Document Type : Original Article
1 Department of Anatomy, School of Medicine, Birjand University of Medical Sciences, Birjand, Iran
2 Research Centre of Experimental Medicine AND Department of Public Health, Deputy of Research and Technology, Birjand University of Medical Sciences, Birjand, Iran
3 Department of Biology, School of Sciences, Payame Noor University, Tehran, Iran
4 Department of Anatomy, School of Medicine, Birjand University of Medical Sciences, Birjand AND Department of Anatomy and Cell Biology, School of Medicine, Mashhad University of Medical Sciences, Mashhad, Iran
5 School of Medicine, Birjand University of Medical Sciences, Birjand, Iran
Background: Parkinson’s disease (PD) is a common neurodegenerative disease resulting from the degeneration of dopaminergic (DA) neurons in the substantia nigra pars compacta (SNc). Increasing evidence demonstrated that mice treated intranasally with 1-methyl-4-phenyl-1,2,3,6-tetrahydropyridine (MPTP) suffered impairments in motor functions associated with disruption of DA neurons in SNc conceivably analogous to those observed in PD. L-arginine has been proposed as a novel neuroprotective agent that plays protective roles in several models of neuronal cellular damage.
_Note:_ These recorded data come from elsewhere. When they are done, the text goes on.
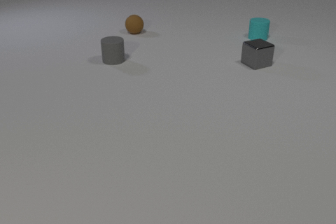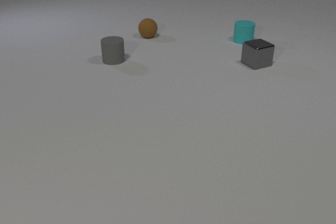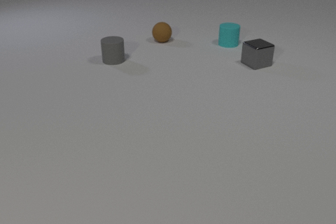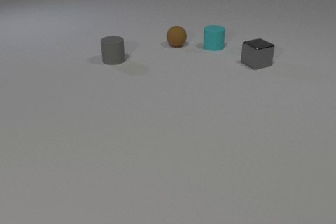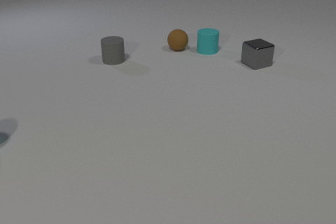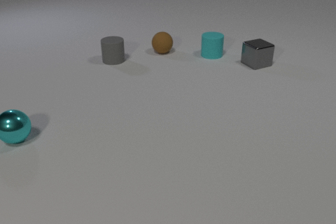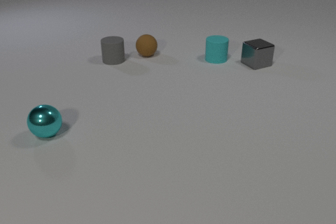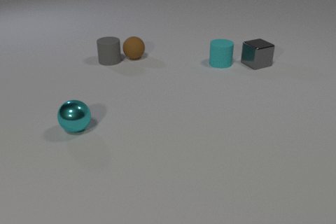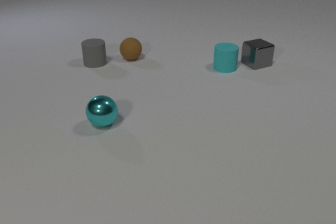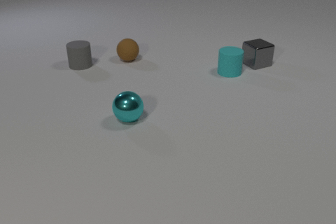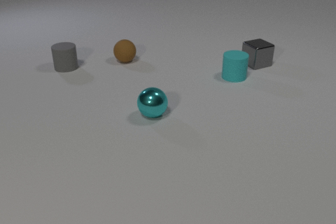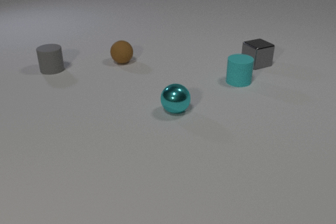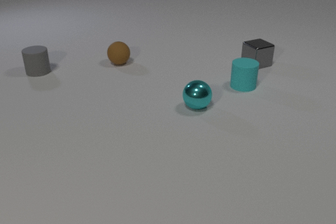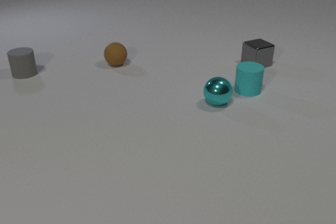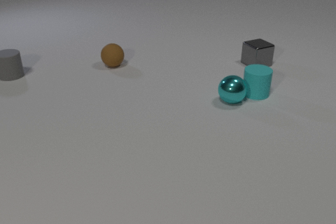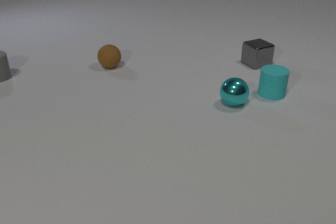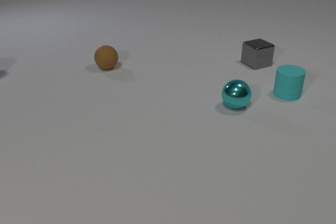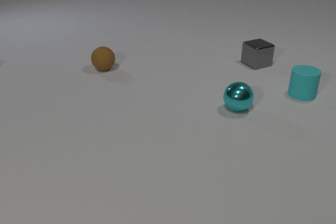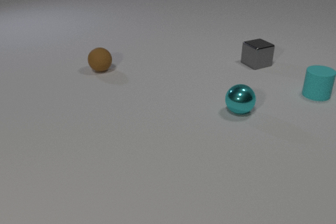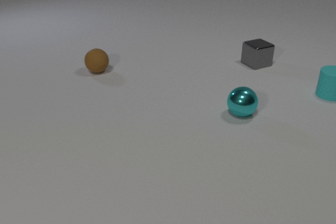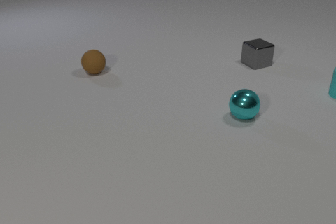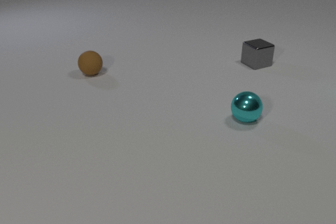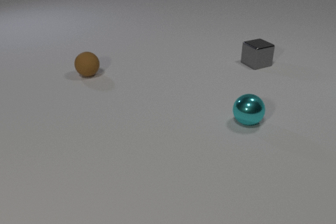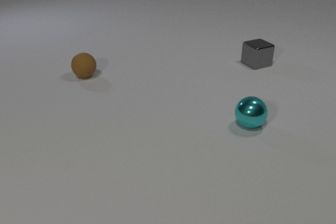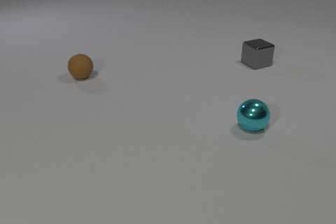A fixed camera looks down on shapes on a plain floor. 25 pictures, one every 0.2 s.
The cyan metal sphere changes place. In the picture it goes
to the right.
The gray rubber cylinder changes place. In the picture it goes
to the left.
0.0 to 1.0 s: The brown rubber sphere rolls toward the camera and to the right. The cyan rubber cylinder slides toward the camera and to the left. The cyan metal sphere comes in at the left edge, rolls to the right. The brown rubber sphere and the cyan rubber cylinder collide.
1.0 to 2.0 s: The brown rubber sphere rolls to the left and toward the camera. The cyan rubber cylinder slides toward the camera and to the right. The cyan metal sphere rolls to the right. The gray rubber cylinder slides to the left. The brown rubber sphere and the gray rubber cylinder collide.
2.0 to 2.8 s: The brown rubber sphere rolls to the left and toward the camera. The cyan rubber cylinder slides toward the camera and to the right. The cyan metal sphere rolls to the right and away from the camera. The gray rubber cylinder slides to the left. The cyan rubber cylinder and the cyan metal sphere collide.
2.8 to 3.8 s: The brown rubber sphere rolls to the left and toward the camera. The cyan rubber cylinder slides to the right. The cyan metal sphere rolls toward the camera and to the right. The gray rubber cylinder slides to the left, leaves at the left edge.
3.8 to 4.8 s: The brown rubber sphere rolls to the left and toward the camera. The cyan rubber cylinder slides to the right and away from the camera, leaves at the right edge. The cyan metal sphere rolls toward the camera and to the right.
Are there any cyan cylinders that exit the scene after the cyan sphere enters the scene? yes.
What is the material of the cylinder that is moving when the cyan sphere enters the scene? rubber.
How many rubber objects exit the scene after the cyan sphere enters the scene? 2.
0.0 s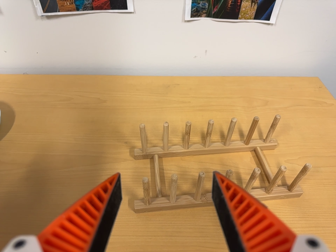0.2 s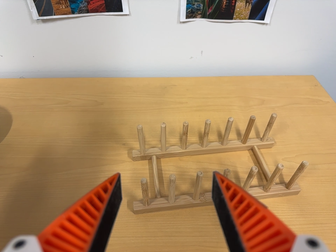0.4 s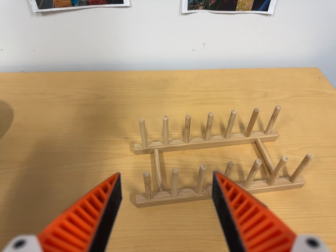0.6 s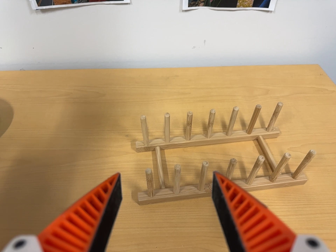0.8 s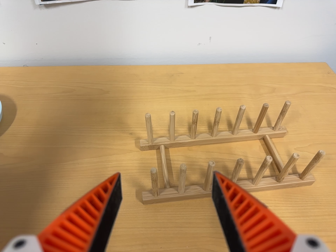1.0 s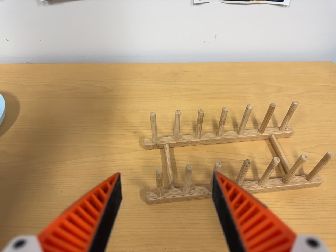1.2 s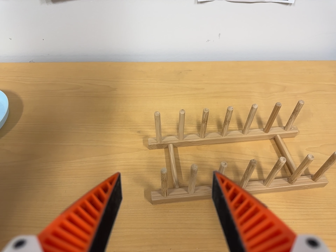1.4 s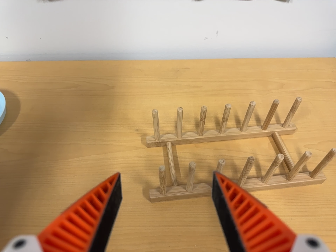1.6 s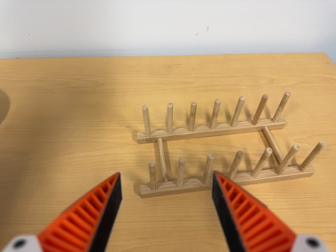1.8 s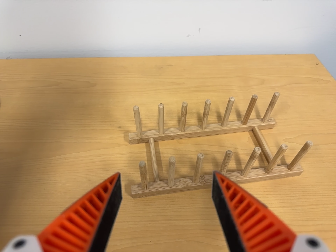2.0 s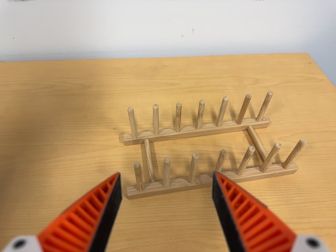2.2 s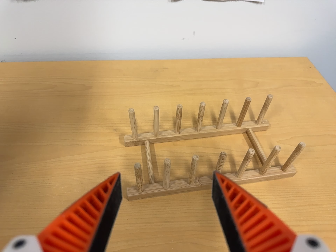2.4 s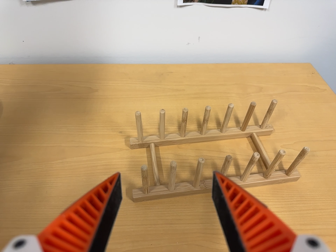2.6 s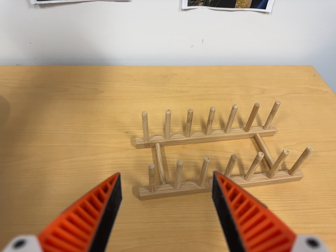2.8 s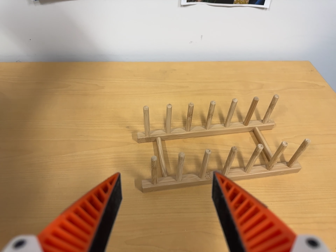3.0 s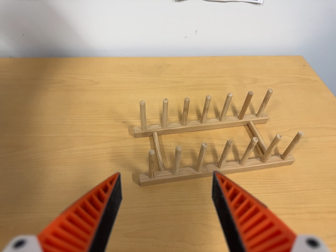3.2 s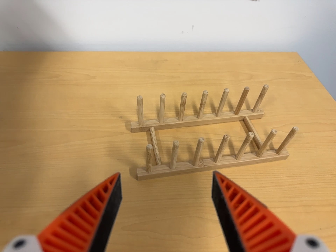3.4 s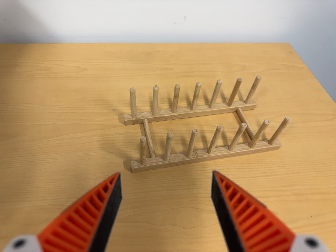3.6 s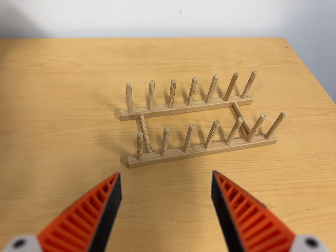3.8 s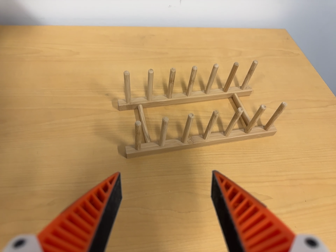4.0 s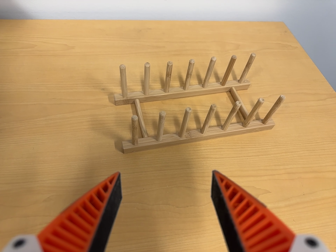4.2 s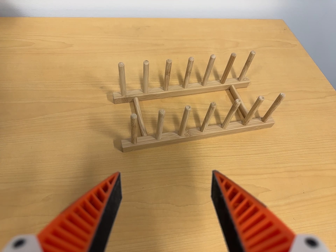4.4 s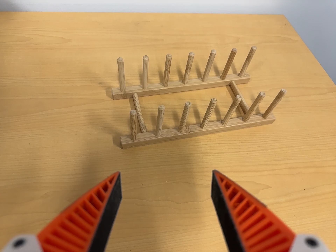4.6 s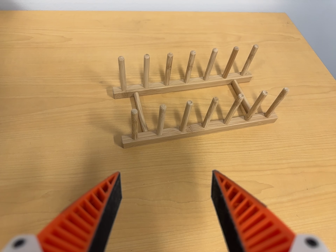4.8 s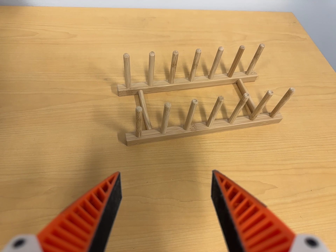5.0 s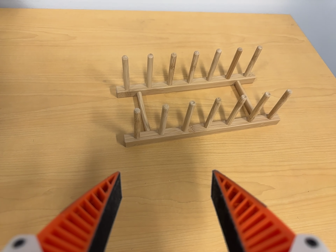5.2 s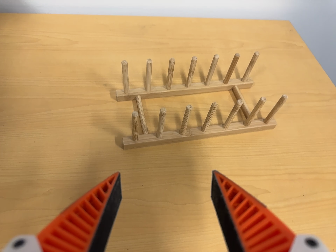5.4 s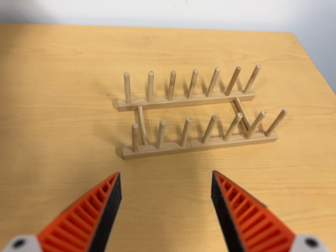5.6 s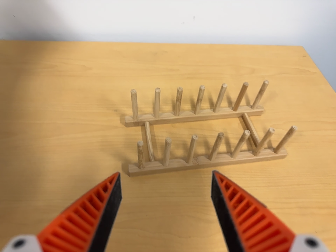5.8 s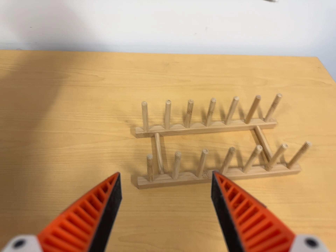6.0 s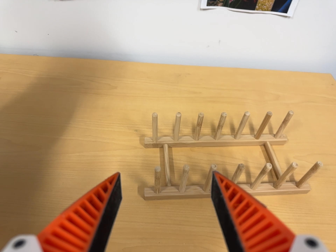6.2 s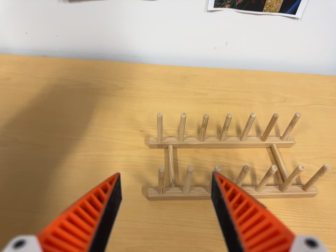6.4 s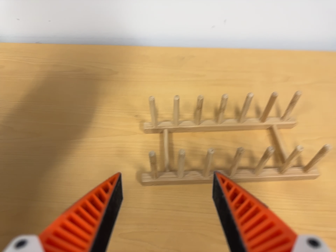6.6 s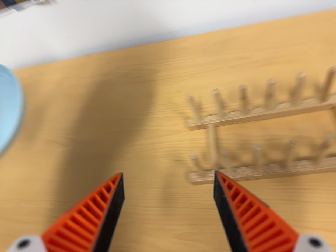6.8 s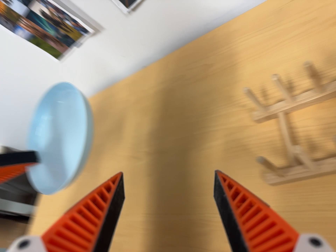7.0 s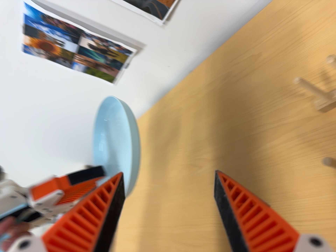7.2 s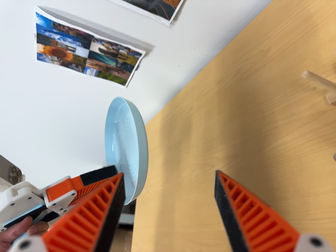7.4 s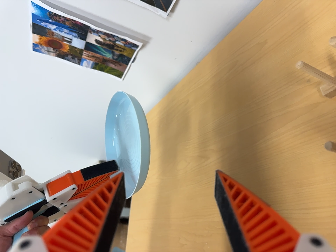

This study aimed to evaluate the effects of L-arginine on the numerical density of dark neurons (DNs) in the SNc of Balb/c mice subjected to MPTP administration.Methods: In the present study, we demonstrated that repeated treatment with L-arginine (300 mg/kg, i.p.) during 7 consecutive days attenuated the production of DNs in SNc of adult male Balb/c mice infused with a single intranasal administration of MPTP (1 mg/nostril). Results: Pre-treatment with L-arginine significantly decreased the numerical density of DNs in SNc of mice 21 days after intranasal MPTP administration. Conclusion: This investigation provides new insights in experimental models of PD, indicating that L-arginine represents a potential neuroprotective agent for the prevention of DA neuron degeneration in SNc observed in PD patients.